Monsters (2010), though your sci-fi flick with scary aliens, is also a perfect gem of a movie. Seldom has any movie, let alone sci-fi, put together the blonde female lead, monsters with very long tentacles, and dark jungle nights and not produced a cheesy, screaming bodice-ripper. Monsters breaks that mold. Whitney Able plays Sam, the daughter of a rich newspaper publisher who gets stranded in Mexico at the US border; a place where aliens (from space) landed some time ago and are kept contained by US patrols (see the metaphor?) Scoot McNairy is the photojournalist, Andy, who, by escorting Sam back to US safety, hopes to get her dad to publish his photos. Get the picture? We have hero-guy bravely helping rich blonde to safety. Well, no, that's not it at all. First, Sam is the only one who can speak Spanish so she must translate for Andy. Second, it's Andy who foolishly leaves their passports with his one-night stand as he runs after Sam and then returns to discover she stole them.

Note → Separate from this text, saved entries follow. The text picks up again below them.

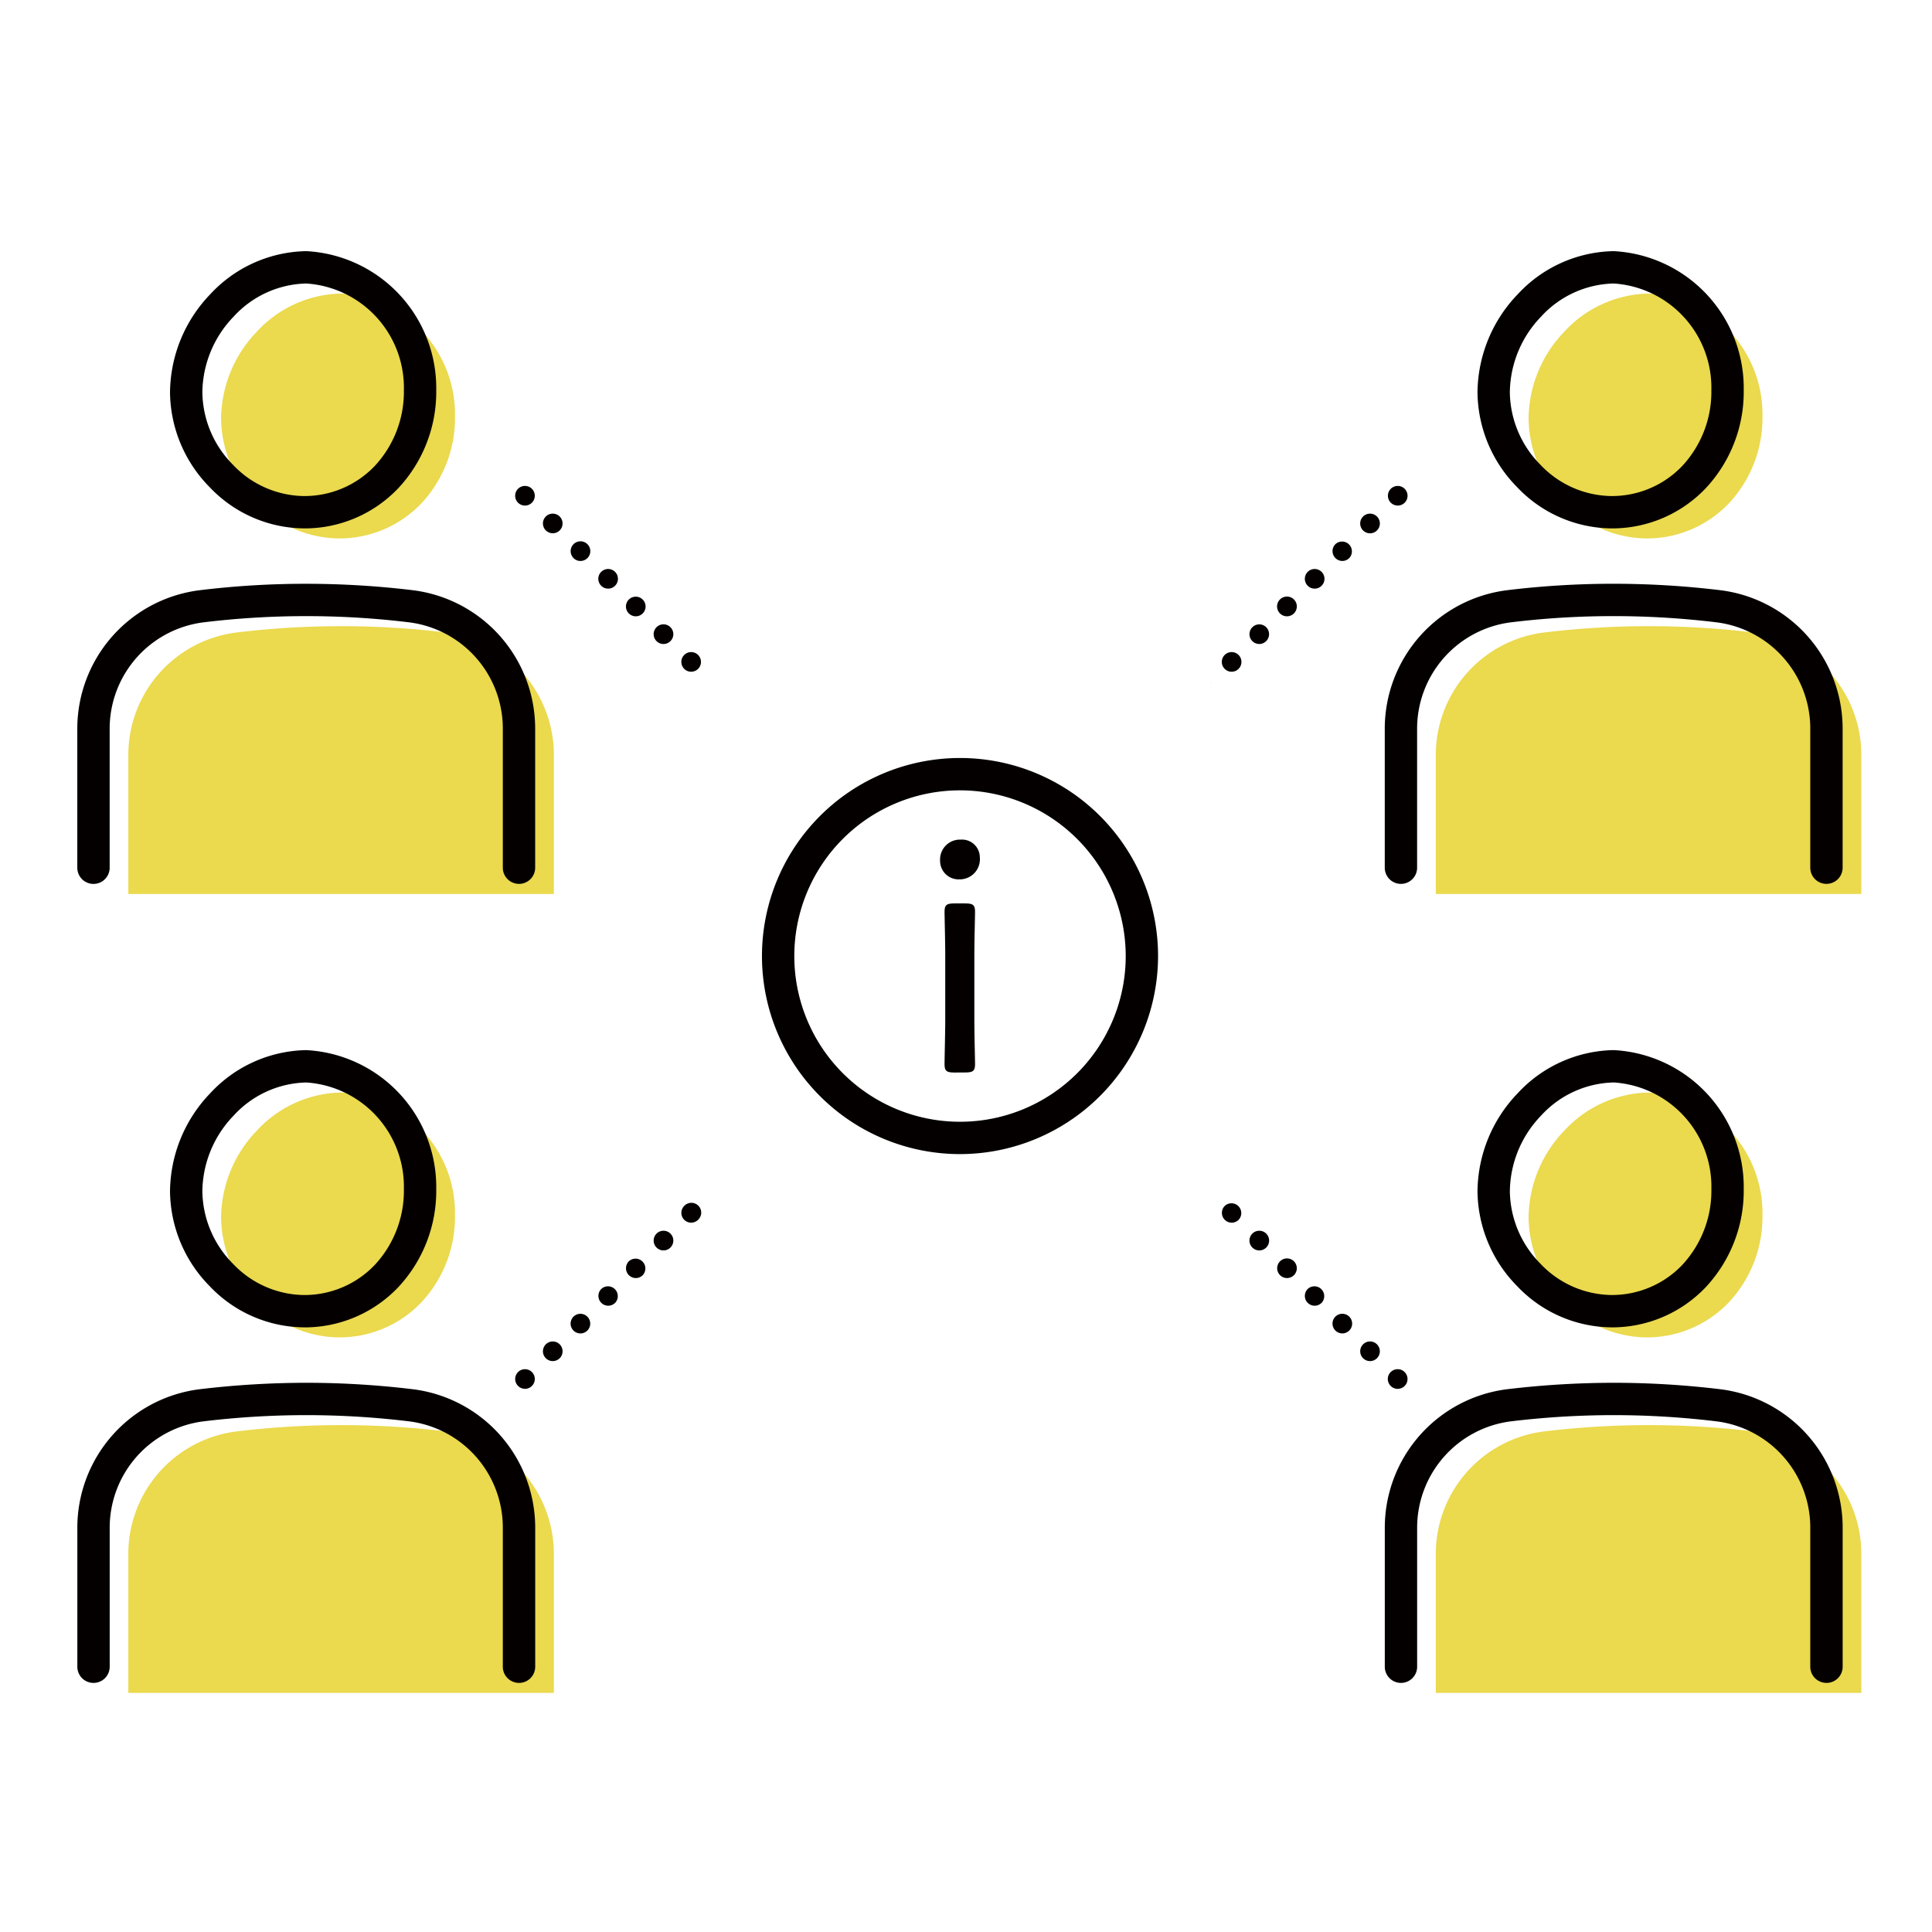 <svg xmlns="http://www.w3.org/2000/svg" width="100" height="100" viewBox="0 0 100 100">
  <g id="img_function08" transform="translate(-4326 -2165)">
    <rect id="長方形_153" data-name="長方形 153" width="100" height="100" transform="translate(4326 2165)" fill="#fff" opacity="0"/>
    <g id="グループ_167" data-name="グループ 167" transform="translate(168.047 126.75)">
      <path id="パス_545" data-name="パス 545" d="M1592.649,559.621h.022a5.854,5.854,0,0,0,4.276-1.813,6.47,6.47,0,0,0,1.741-4.5,6.255,6.255,0,0,0-5.878-6.361h-.044a6.081,6.081,0,0,0-4.33,1.968,6.57,6.57,0,0,0-1.854,4.508,6.247,6.247,0,0,0,1.818,4.321,5.969,5.969,0,0,0,4.249,1.877" transform="translate(2582.815 1506.498)" fill="#ebd94e"/>
      <path id="パス_546" data-name="パス 546" d="M1578.655,634.706a45.041,45.041,0,0,0-10.845,0,6.389,6.389,0,0,0-5.6,6.355v7.178h22.025v-7.178a6.384,6.384,0,0,0-5.584-6.353" transform="translate(2602.385 1436.282)" fill="#ebd94e"/>
      <path id="パス_547" data-name="パス 547" d="M1936.352,559.621h.022a5.855,5.855,0,0,0,4.276-1.813,6.471,6.471,0,0,0,1.741-4.5,6.255,6.255,0,0,0-5.879-6.361h-.043a6.081,6.081,0,0,0-4.33,1.968,6.571,6.571,0,0,0-1.854,4.508,6.247,6.247,0,0,0,1.818,4.321,5.969,5.969,0,0,0,4.249,1.877" transform="translate(2306.787 1506.498)" fill="#ebd94e"/>
      <path id="パス_548" data-name="パス 548" d="M1922.357,634.706a45.04,45.04,0,0,0-10.845,0,6.389,6.389,0,0,0-5.6,6.355v7.178h22.025v-7.178a6.384,6.384,0,0,0-5.584-6.353" transform="translate(2326.358 1436.282)" fill="#ebd94e"/>
      <path id="パス_549" data-name="パス 549" d="M1592.649,769.648h.022a5.854,5.854,0,0,0,4.276-1.813,6.47,6.47,0,0,0,1.741-4.5,6.256,6.256,0,0,0-5.878-6.361h-.044a6.08,6.08,0,0,0-4.33,1.968,6.57,6.57,0,0,0-1.854,4.508,6.247,6.247,0,0,0,1.818,4.321,5.969,5.969,0,0,0,4.249,1.877" transform="translate(2582.815 1337.825)" fill="#ebd94e"/>
      <path id="パス_550" data-name="パス 550" d="M1578.655,844.732a45.062,45.062,0,0,0-10.845,0,6.389,6.389,0,0,0-5.6,6.355v7.178h22.025v-7.178a6.384,6.384,0,0,0-5.584-6.353" transform="translate(2602.385 1267.609)" fill="#ebd94e"/>
      <path id="パス_551" data-name="パス 551" d="M1936.352,769.648h.022a5.855,5.855,0,0,0,4.276-1.813,6.471,6.471,0,0,0,1.741-4.5,6.256,6.256,0,0,0-5.879-6.361h-.043a6.08,6.08,0,0,0-4.33,1.968,6.571,6.571,0,0,0-1.854,4.508,6.247,6.247,0,0,0,1.818,4.321,5.969,5.969,0,0,0,4.249,1.877" transform="translate(2306.787 1337.825)" fill="#ebd94e"/>
      <path id="パス_552" data-name="パス 552" d="M1922.357,844.732a45.061,45.061,0,0,0-10.845,0,6.388,6.388,0,0,0-5.6,6.355v7.178h22.025v-7.178a6.384,6.384,0,0,0-5.584-6.353" transform="translate(2326.358 1267.609)" fill="#ebd94e"/>
      <path id="パス_553" data-name="パス 553" d="M1580.074,550.154h-.026a6.8,6.8,0,0,1-4.845-2.13,7.081,7.081,0,0,1-2.055-4.9,7.415,7.415,0,0,1,2.085-5.091,6.921,6.921,0,0,1,4.936-2.228h.047a7.1,7.1,0,0,1,6.712,7.2,7.3,7.3,0,0,1-1.973,5.078,6.683,6.683,0,0,1-4.881,2.072m.092-12.675a5.24,5.24,0,0,0-3.721,1.709,5.726,5.726,0,0,0-1.623,3.925,5.416,5.416,0,0,0,1.58,3.743,5.141,5.141,0,0,0,3.653,1.623h.022a5.023,5.023,0,0,0,3.667-1.555,5.638,5.638,0,0,0,1.509-3.923,5.407,5.407,0,0,0-5.049-5.523Zm-4.327,1.131h0Z" transform="translate(2593.605 1515.445)" fill="#040000"/>
      <path id="パス_554" data-name="パス 554" d="M1571.64,638.77a.837.837,0,0,1-.837-.837v-7.178a5.545,5.545,0,0,0-4.847-5.522,44.214,44.214,0,0,0-10.644,0,5.551,5.551,0,0,0-4.859,5.524v7.178a.837.837,0,0,1-1.675,0v-7.178a7.227,7.227,0,0,1,6.333-7.186,45.33,45.33,0,0,1,5.627-.333,46.064,46.064,0,0,1,5.419.334,7.221,7.221,0,0,1,6.32,7.184v7.178a.837.837,0,0,1-.837.837" transform="translate(2613.176 1445.229)" fill="#040000"/>
      <path id="パス_555" data-name="パス 555" d="M1923.776,550.154h-.026a6.8,6.8,0,0,1-4.845-2.13,7.08,7.08,0,0,1-2.055-4.9,7.415,7.415,0,0,1,2.085-5.091,6.921,6.921,0,0,1,4.936-2.228h.047a7.1,7.1,0,0,1,6.712,7.2,7.3,7.3,0,0,1-1.973,5.078,6.684,6.684,0,0,1-4.882,2.072m.092-12.675a5.241,5.241,0,0,0-3.721,1.709,5.726,5.726,0,0,0-1.622,3.925,5.415,5.415,0,0,0,1.58,3.743,5.139,5.139,0,0,0,3.653,1.623h.022a5.023,5.023,0,0,0,3.667-1.555,5.636,5.636,0,0,0,1.509-3.923,5.407,5.407,0,0,0-5.049-5.523Zm-4.327,1.131h0Z" transform="translate(2317.578 1515.445)" fill="#040000"/>
      <path id="パス_556" data-name="パス 556" d="M1915.342,638.77a.837.837,0,0,1-.837-.837v-7.178a5.545,5.545,0,0,0-4.848-5.522,44.405,44.405,0,0,0-5.222-.322,43.9,43.9,0,0,0-5.422.321,5.551,5.551,0,0,0-4.859,5.524v7.178a.837.837,0,1,1-1.674,0v-7.178a7.227,7.227,0,0,1,6.333-7.186,45.326,45.326,0,0,1,5.627-.333,46.064,46.064,0,0,1,5.419.334,7.221,7.221,0,0,1,6.32,7.184v7.178a.837.837,0,0,1-.837.837" transform="translate(2337.148 1445.229)" fill="#040000"/>
      <path id="パス_557" data-name="パス 557" d="M1580.074,760.181h-.023a6.8,6.8,0,0,1-4.848-2.129,7.083,7.083,0,0,1-2.055-4.9,7.415,7.415,0,0,1,2.085-5.091,6.921,6.921,0,0,1,4.936-2.228h.047a7.1,7.1,0,0,1,6.712,7.2,7.3,7.3,0,0,1-1.973,5.078,6.683,6.683,0,0,1-4.881,2.072m.092-12.675a5.241,5.241,0,0,0-3.721,1.709,5.726,5.726,0,0,0-1.623,3.925,5.417,5.417,0,0,0,1.58,3.743,5.14,5.14,0,0,0,3.653,1.623h.018a5.025,5.025,0,0,0,3.671-1.555,5.637,5.637,0,0,0,1.509-3.923,5.407,5.407,0,0,0-5.049-5.523Zm-4.327,1.131h0Z" transform="translate(2593.605 1346.772)" fill="#040000"/>
      <path id="パス_558" data-name="パス 558" d="M1571.64,848.8a.837.837,0,0,1-.837-.837v-7.178a5.545,5.545,0,0,0-4.847-5.522,44.461,44.461,0,0,0-5.222-.322h-.1a44.423,44.423,0,0,0-5.32.321,5.551,5.551,0,0,0-4.859,5.524v7.178a.837.837,0,0,1-1.675,0v-7.178a7.227,7.227,0,0,1,6.333-7.186,46.829,46.829,0,0,1,5.626-.333,46.059,46.059,0,0,1,5.42.335,7.221,7.221,0,0,1,6.32,7.184v7.178a.837.837,0,0,1-.837.837" transform="translate(2613.176 1276.556)" fill="#040000"/>
      <path id="パス_559" data-name="パス 559" d="M1923.776,760.181h-.022a6.8,6.8,0,0,1-4.849-2.13,7.082,7.082,0,0,1-2.055-4.9,7.414,7.414,0,0,1,2.085-5.091,6.921,6.921,0,0,1,4.936-2.228h.047a7.1,7.1,0,0,1,6.712,7.2,7.3,7.3,0,0,1-1.973,5.078,6.684,6.684,0,0,1-4.881,2.072m.092-12.675a5.242,5.242,0,0,0-3.721,1.709,5.725,5.725,0,0,0-1.622,3.925,5.416,5.416,0,0,0,1.58,3.743,5.138,5.138,0,0,0,3.653,1.623h.018a5.025,5.025,0,0,0,3.671-1.555,5.635,5.635,0,0,0,1.509-3.923,5.407,5.407,0,0,0-5.049-5.523Zm-4.327,1.131h0Z" transform="translate(2317.578 1346.772)" fill="#040000"/>
      <path id="パス_560" data-name="パス 560" d="M1915.342,848.8a.837.837,0,0,1-.837-.837v-7.178a5.545,5.545,0,0,0-4.848-5.522,44.46,44.46,0,0,0-5.222-.322h-.1a44.416,44.416,0,0,0-5.32.321,5.551,5.551,0,0,0-4.859,5.524v7.178a.837.837,0,1,1-1.674,0v-7.178a7.227,7.227,0,0,1,6.333-7.186,46.78,46.78,0,0,1,5.626-.333,46.059,46.059,0,0,1,5.42.335,7.221,7.221,0,0,1,6.32,7.184v7.178a.837.837,0,0,1-.837.837" transform="translate(2337.148 1276.556)" fill="#040000"/>
      <path id="パス_561" data-name="パス 561" d="M1700.8,634.928a.509.509,0,1,0-.358-.15.507.507,0,0,0,.358.15" transform="translate(2491.492 1436.655)" fill="#040000"/>
      <path id="パス_562" data-name="パス 562" d="M1693.524,627.648a.508.508,0,1,0-.361-.148.514.514,0,0,0,.361.148" transform="translate(2497.339 1442.502)" fill="#040000"/>
      <path id="パス_563" data-name="パス 563" d="M1678.974,613.1a.509.509,0,1,0-.358-.15.5.5,0,0,0,.358.15" transform="translate(2509.022 1454.186)" fill="#040000"/>
      <path id="パス_564" data-name="パス 564" d="M1686.255,620.368a.5.5,0,0,0,.358-.148.508.508,0,1,0-.717,0,.5.5,0,0,0,.358.148" transform="translate(2503.175 1448.349)" fill="#040000"/>
      <path id="パス_565" data-name="パス 565" d="M1671.335,604.953a.508.508,0,1,0,.719,0,.509.509,0,0,0-.719,0" transform="translate(2514.869 1460.032)" fill="#040000"/>
      <path id="パス_566" data-name="パス 566" d="M1664.7,597.612a.68.68,0,0,0-.088-.048.664.664,0,0,0-.1-.029.507.507,0,0,0-.607.5.506.506,0,0,0,.509.506.506.506,0,0,0,.506-.506.508.508,0,0,0-.148-.361.375.375,0,0,0-.076-.062" transform="translate(2520.713 1465.877)" fill="#040000"/>
      <path id="パス_567" data-name="パス 567" d="M1708.083,642.2a.5.5,0,0,0,.358-.148.508.508,0,1,0-.717,0,.5.5,0,0,0,.358.148" transform="translate(2485.645 1430.818)" fill="#040000"/>
      <path id="パス_568" data-name="パス 568" d="M1871.984,620.368a.5.5,0,0,0,.358-.148.508.508,0,1,0-.717,0,.5.5,0,0,0,.358.148" transform="translate(2354.016 1448.349)" fill="#040000"/>
      <path id="パス_569" data-name="パス 569" d="M1864.7,627.648a.515.515,0,0,0,.361-.148.511.511,0,1,0-.361.148" transform="translate(2359.864 1442.502)" fill="#040000"/>
      <path id="パス_570" data-name="パス 570" d="M1893.815,598.541a.512.512,0,0,0,.361-.148.506.506,0,0,0,.148-.358.507.507,0,0,0-.607-.5.5.5,0,0,0-.184.076.47.47,0,0,0-.076.062.51.51,0,0,0,0,.719.506.506,0,0,0,.358.148" transform="translate(2336.483 1465.877)" fill="#040000"/>
      <path id="パス_571" data-name="パス 571" d="M1846.674,649.156a.478.478,0,0,0-.03-.037c-.009-.009-.02-.016-.029-.024l.06.061" transform="translate(2373.983 1424.462)" fill="#040000"/>
      <path id="パス_572" data-name="パス 572" d="M1850.155,642.2a.5.5,0,0,0,.358-.148.508.508,0,1,0-.717,0,.5.5,0,0,0,.358.148" transform="translate(2371.547 1430.818)" fill="#040000"/>
      <path id="パス_573" data-name="パス 573" d="M1857.426,634.928a.509.509,0,0,0,.358-.867.508.508,0,1,0-.358.867" transform="translate(2365.709 1436.655)" fill="#040000"/>
      <path id="パス_574" data-name="パス 574" d="M1878.893,612.232a.509.509,0,0,0,.361.867.5.5,0,0,0,.358-.15.508.508,0,0,0-.719-.717" transform="translate(2348.179 1454.186)" fill="#040000"/>
      <path id="パス_575" data-name="パス 575" d="M1886.173,604.953a.509.509,0,1,0,.719,0,.509.509,0,0,0-.719,0" transform="translate(2342.333 1460.032)" fill="#040000"/>
      <path id="パス_576" data-name="パス 576" d="M1671.335,822.571a.508.508,0,1,0,.719,0,.509.509,0,0,0-.719,0" transform="translate(2514.869 1285.262)" fill="#040000"/>
      <path id="パス_577" data-name="パス 577" d="M1664.318,829.714a.346.346,0,0,0-.1.029.585.585,0,0,0-.086.045.5.5,0,0,0-.079.065.512.512,0,0,0-.148.358.51.51,0,0,0,.509.509.5.5,0,0,0,.358-.15.508.508,0,0,0,0-.717.508.508,0,0,0-.459-.139" transform="translate(2520.714 1279.415)" fill="#040000"/>
      <path id="パス_578" data-name="パス 578" d="M1693.163,800.742a.509.509,0,0,0,.361.867.5.5,0,0,0,.358-.15.508.508,0,0,0-.719-.717" transform="translate(2497.339 1302.793)" fill="#040000"/>
      <path id="パス_579" data-name="パス 579" d="M1700.444,793.461a.509.509,0,1,0,.719,0,.509.509,0,0,0-.719,0" transform="translate(2491.492 1308.641)" fill="#040000"/>
      <path id="パス_580" data-name="パス 580" d="M1685.9,808.01a.509.509,0,0,0,0,.719.507.507,0,0,0,.717,0,.508.508,0,0,0-.717-.719" transform="translate(2503.176 1296.956)" fill="#040000"/>
      <path id="パス_581" data-name="パス 581" d="M1707.724,786.181a.509.509,0,0,0,0,.719.508.508,0,0,0,.717,0,.508.508,0,1,0-.717-.719" transform="translate(2485.645 1314.487)" fill="#040000"/>
      <path id="パス_582" data-name="パス 582" d="M1678.615,815.29a.508.508,0,1,0,.717,0,.509.509,0,0,0-.717,0" transform="translate(2509.022 1291.11)" fill="#040000"/>
      <path id="パス_583" data-name="パス 583" d="M1878.893,815.29a.508.508,0,1,0,.719,0,.509.509,0,0,0-.719,0" transform="translate(2348.179 1291.11)" fill="#040000"/>
      <path id="パス_584" data-name="パス 584" d="M1871.625,808.01a.509.509,0,0,0,0,.719.507.507,0,0,0,.717,0,.508.508,0,0,0-.717-.719" transform="translate(2354.016 1296.956)" fill="#040000"/>
      <path id="パス_585" data-name="パス 585" d="M1894.088,829.788a.628.628,0,0,0-.086-.045.364.364,0,0,0-.1-.029.51.51,0,0,0-.609.5.486.486,0,0,0,.012.1.328.328,0,0,0,.029.093.642.642,0,0,0,.045.088.629.629,0,0,0,.064.076.5.5,0,0,0,.358.151.716.716,0,0,0,.1-.01.649.649,0,0,0,.1-.029.582.582,0,0,0,.086-.048.523.523,0,0,0,.079-.064.5.5,0,0,0,.148-.358.507.507,0,0,0-.227-.423" transform="translate(2336.492 1279.415)" fill="#040000"/>
      <path id="パス_586" data-name="パス 586" d="M1864.345,800.742a.508.508,0,1,0,.719,0,.506.506,0,0,0-.719,0" transform="translate(2359.863 1302.793)" fill="#040000"/>
      <path id="パス_587" data-name="パス 587" d="M1886.173,822.571a.508.508,0,1,0,.719,0,.506.506,0,0,0-.719,0" transform="translate(2342.333 1285.262)" fill="#040000"/>
      <path id="パス_588" data-name="パス 588" d="M1857.064,793.461a.509.509,0,1,0,.719,0,.509.509,0,0,0-.719,0" transform="translate(2365.71 1308.641)" fill="#040000"/>
      <path id="パス_589" data-name="パス 589" d="M1849.8,786.181a.509.509,0,0,0,0,.719.508.508,0,0,0,.717,0,.508.508,0,0,0-.717-.719" transform="translate(2371.547 1314.487)" fill="#040000"/>
      <path id="パス_590" data-name="パス 590" d="M1739,689.542a10.251,10.251,0,1,1,10.251-10.251A10.263,10.263,0,0,1,1739,689.542m0-18.828a8.577,8.577,0,1,0,8.577,8.577,8.586,8.586,0,0,0-8.577-8.577" transform="translate(2468.643 1408.444)" fill="#040000"/>
      <path id="パス_591" data-name="パス 591" d="M1777.644,691.412a1.042,1.042,0,0,1-1.064,1.135.955.955,0,0,1-.993-.975,1.028,1.028,0,0,1,1.064-1.081.923.923,0,0,1,.993.922m-1.294,11.133c-.426,0-.532-.071-.532-.443,0-.283.036-1.667.036-2.3v-3.244c0-.816-.036-2.074-.036-2.323,0-.372.106-.443.532-.443h.514c.426,0,.532.071.532.443,0,.231-.036,1.489-.036,2.323V699.8c0,.727.036,2.057.036,2.3,0,.372-.106.443-.532.443Z" transform="translate(2431.025 1391.218)" fill="#040000"/>
    </g>
  </g>
</svg>

Without passports and money, Sam and Andy lose their places on the last ship to safety and have to make the journey on foot. So it's he, not the aliens, who puts the "damsel in distress."

I talk a lot about the strident PC feminism which pours through so many movies today (Snow White and the Huntsman) and yearn for intelligent writing/acting/directing which can get a feminist POV across without turning up the volume to "not fit for human ears" and cramming it down our throats. Monsters is that movie I'm wishing for. Although Sam is in an emotional turmoil (does she really want to marry her fiance?), she is a competent, resourceful woman. (This movie even admits that people have to pee when Sam gets Andy to stop for that reason.) Sam's got an emotional life which involves a man but you never look at her as the ditsy blonde whose only purpose in life is to choose between two men. (Which is really the premise of a similar plot, It Happened One Night, where Clark Gable is escorting Claudette Colbert back to her rich dad.)

Monsters is sweetly realistic on many levels. Also, it's a monster movie without the screaming violence and it's a metaphor movie minus the bat-to-the-head approach. Be sure to watch it and then decide: do Sam and Andy get a happy ending? A lot of mulling-over thoughts in both these small gems, Perfect Sense and Monsters.